**PROMPT:**
Omit the pictures and output every entry below exactly as written.

**DATASET CONTENT:**

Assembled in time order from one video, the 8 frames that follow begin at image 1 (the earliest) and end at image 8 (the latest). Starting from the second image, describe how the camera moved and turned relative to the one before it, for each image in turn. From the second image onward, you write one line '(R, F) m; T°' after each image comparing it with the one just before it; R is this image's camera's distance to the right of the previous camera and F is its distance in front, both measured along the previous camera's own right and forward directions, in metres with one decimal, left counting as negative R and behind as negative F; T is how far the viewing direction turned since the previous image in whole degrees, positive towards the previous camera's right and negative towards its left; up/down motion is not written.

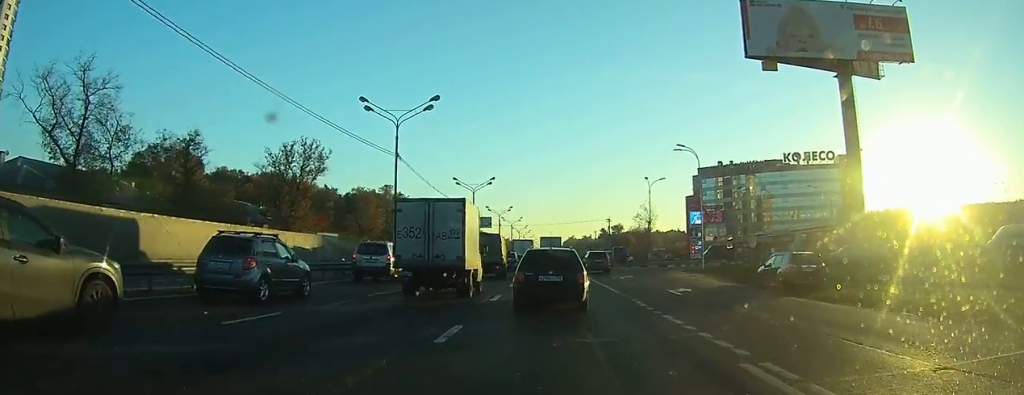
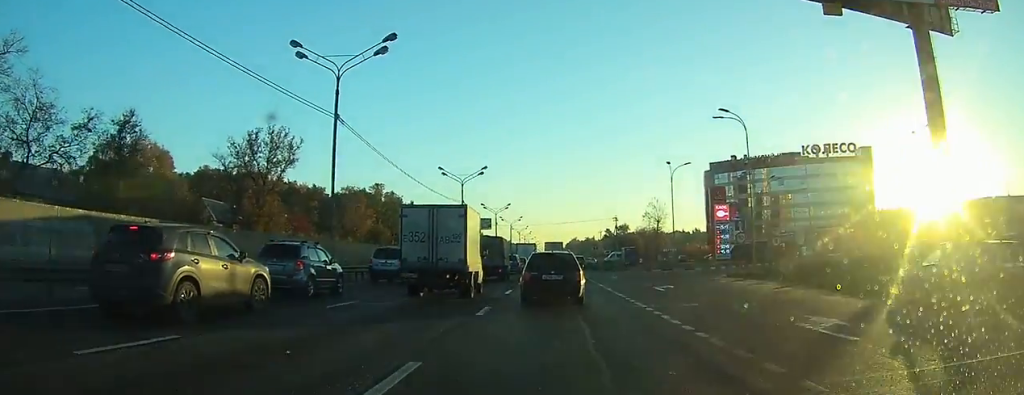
(0.0, +11.2) m; 0°
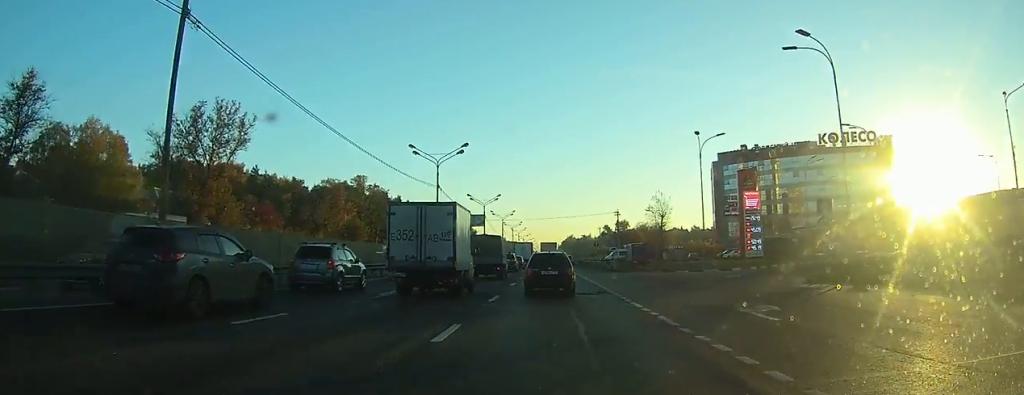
(+0.1, +11.6) m; +2°
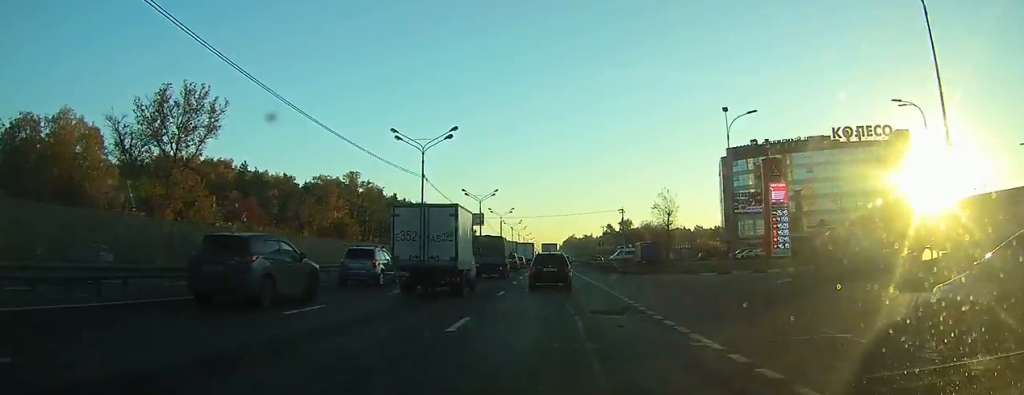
(+0.2, +6.9) m; +1°
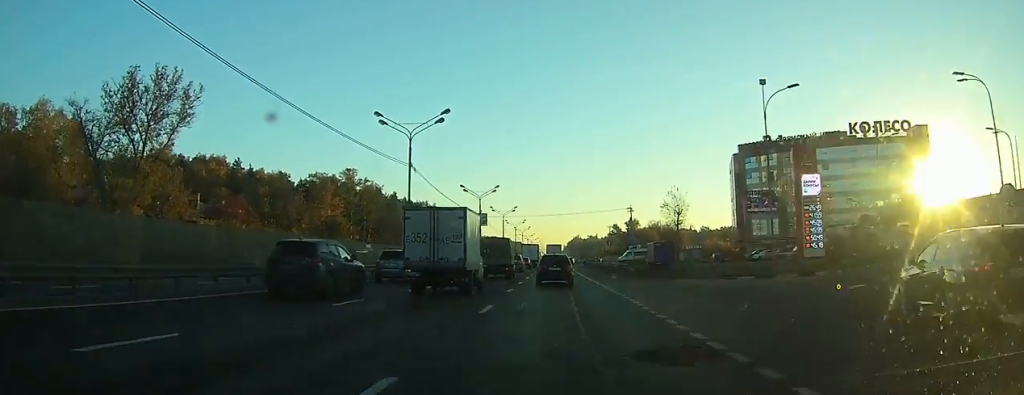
(0.0, +6.5) m; 0°
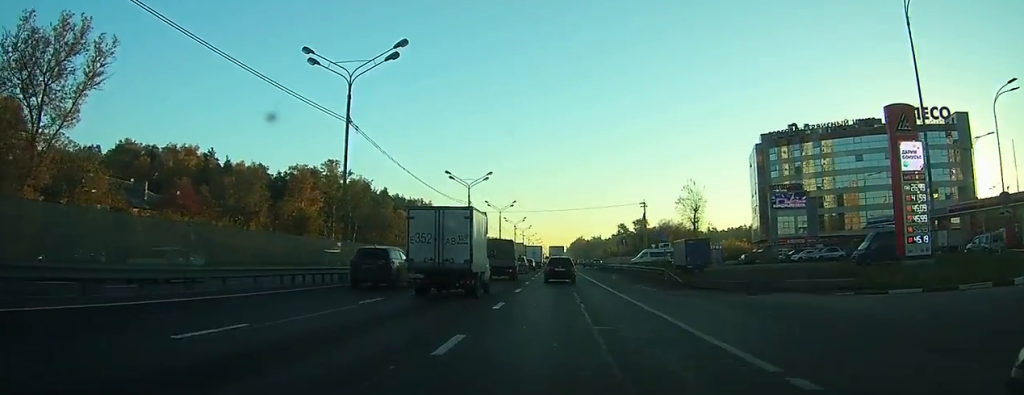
(0.0, +14.3) m; 0°
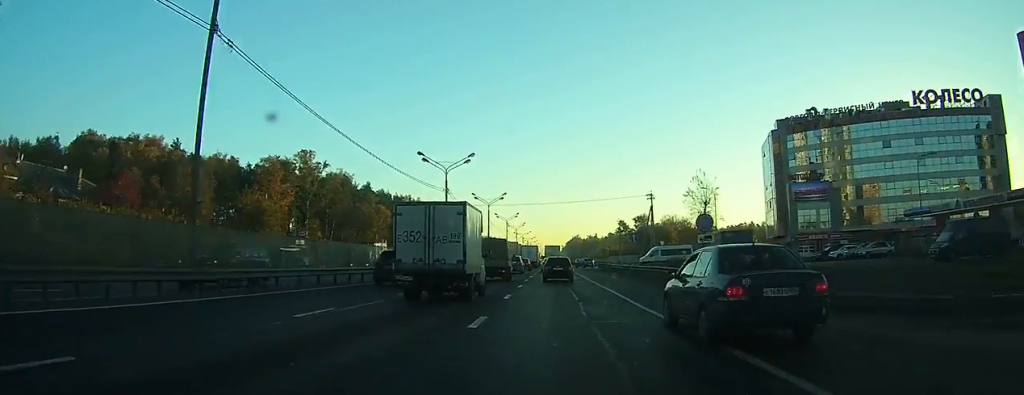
(0.0, +12.2) m; +1°
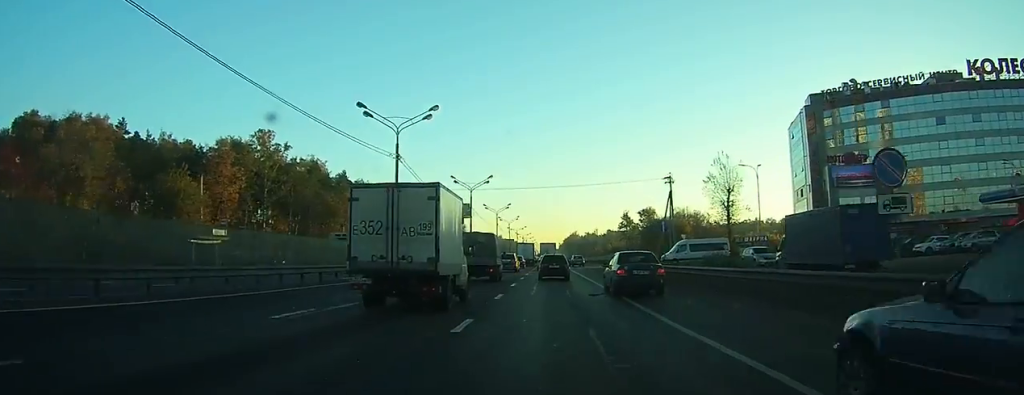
(+0.2, +17.0) m; +1°

**THE ANSWER:**
Assembled in time order from one video, the 8 frames that follow begin at image 1 (the earliest) and end at image 8 (the latest). Starting from the second image, describe how the camera moved and turned relative to the one before it, for each image in turn. From the second image onward, you write one line '(R, F) m; T°' after each image comparing it with the one just before it; R is this image's camera's distance to the right of the previous camera and F is its distance in front, both measured along the previous camera's own right and forward directions, in metres with one decimal, left counting as negative R and behind as negative F; T is how far the viewing direction turned since the previous image in whole degrees, positive towards the previous camera's right and negative towards its left; up/down motion is not written.

(0.0, +11.2) m; 0°
(+0.1, +11.6) m; +2°
(+0.2, +6.9) m; +1°
(0.0, +6.5) m; 0°
(0.0, +14.3) m; 0°
(0.0, +12.2) m; +1°
(+0.2, +17.0) m; +1°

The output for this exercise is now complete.